Time-series database

A database tuned for one shape of data: a metric, a timestamp, and a relentless stream of new points that only ever moves forward.

The idea

Imagine a sensor reporting CPU usage every second. You never update old readings — you only append new ones, and you almost always ask the same kind of question: "what did this look like over the last hour?"

A time-series database (TSDB) leans into that pattern. It groups points into time-ordered partitions (one chunk per hour or per day), keeps raw points only for a while, then rolls them up into coarser summaries so old data stays cheap. A range query then touches just the partitions it needs.

Query window (hours):

Press play to watch points stream in, roll up, and get queried.

How it works

Writes land in the newest partition in arrival order, so an append is just "add to the end." A background job compacts older partitions into rollups (min / max / avg / count per bucket), and a retention policy drops raw points past their age. A query picks the partitions overlapping its window and reads raw or rolled-up data depending on how old it is.
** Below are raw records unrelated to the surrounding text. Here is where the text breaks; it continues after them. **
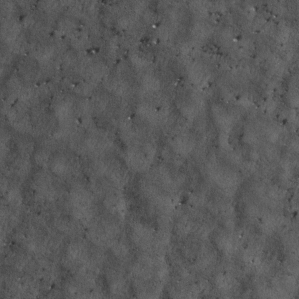
Label: non_frost
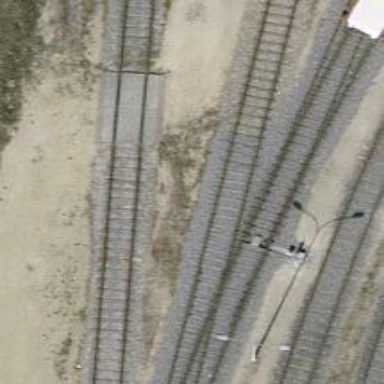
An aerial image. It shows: Railway switch.
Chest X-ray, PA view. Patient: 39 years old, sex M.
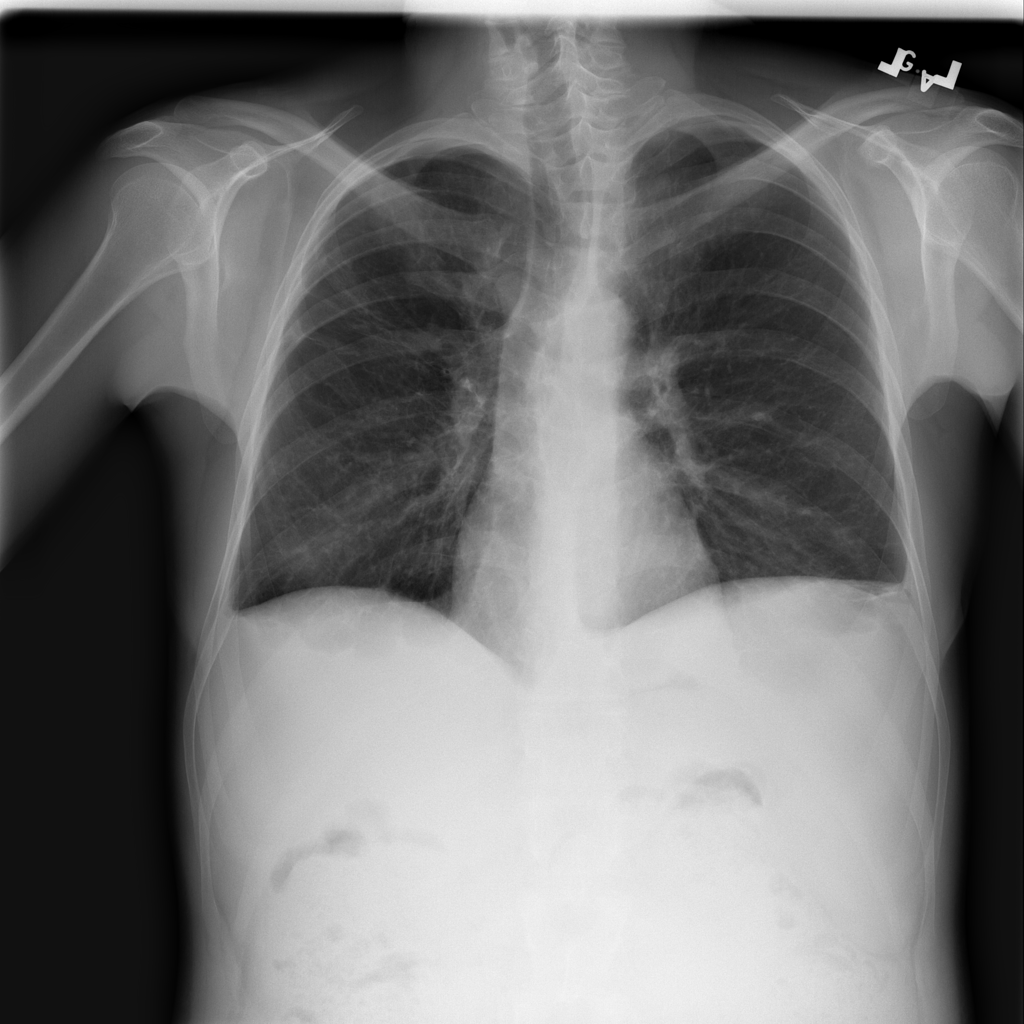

def write(point):                 # append-only, newest partition
    p = partition_for(point.ts)   # e.g. floor to the hour
    p.raw.append(point)           # O(1) amortised

def query(metric, start, end):
    out = []
    for p in partitions_overlapping(start, end):
        if p.has_raw():           # young data: full resolution
            out += [x for x in p.raw if start <= x.ts < end]
        else:                     # old data: read the rollup
            out += p.rollup.buckets_in(start, end)
    return out

def compact(p):                   # background, runs on old partitions
    p.rollup = downsample(p.raw)  # min/max/avg/count per bucket
    p.raw = []                    # reclaim space

Cost

Operation	Cost
Append a point	O(1) amortised
Range query	O(partitions + points read)
Storage for old data	O(buckets) after rollup

The trade-off: rollups make old reads fast and cheap, but you lose per-point detail. Once raw points are compacted you can see the shape of last month, not every single sample.

Watch out for

Out-of-order and late points. Network buffering means a point timestamped 10:59 can arrive at 11:02. If the 10:00 partition is already compacted, that late point has nowhere good to land — plan a grace window before rollup.
High cardinality. Each unique tag combination (host, region, endpoint…) is its own series. A label like user_id can explode you into millions of series and blow up memory and index size.
Wide range queries on raw data. Asking for raw points across a year reads enormous volume. Make sure the query planner drops to rollups for old windows automatically.
Forgetting retention. Append-only growth is unbounded. Without a retention policy that deletes or downsamples, disk fills and writes stall.
Averaging averages. A rollup's avg can't be re-averaged across buckets without weighting by count, or your aggregate quietly lies.

Worked example

You collect cpu.usage per host every 10 seconds across 200 hosts. Raw, that's 1.7M points per host per day. You keep 7 days raw for incident debugging, then roll up to 1-minute buckets (min/max/avg/count) for 90 days, then 1-hour buckets for two years. A dashboard asking "p95-ish CPU yesterday" reads minute rollups — a few thousand buckets — instead of millions of raw points, and renders instantly.

Check yourself

A query asks for raw, per-second data from 18 months ago. What likely happens?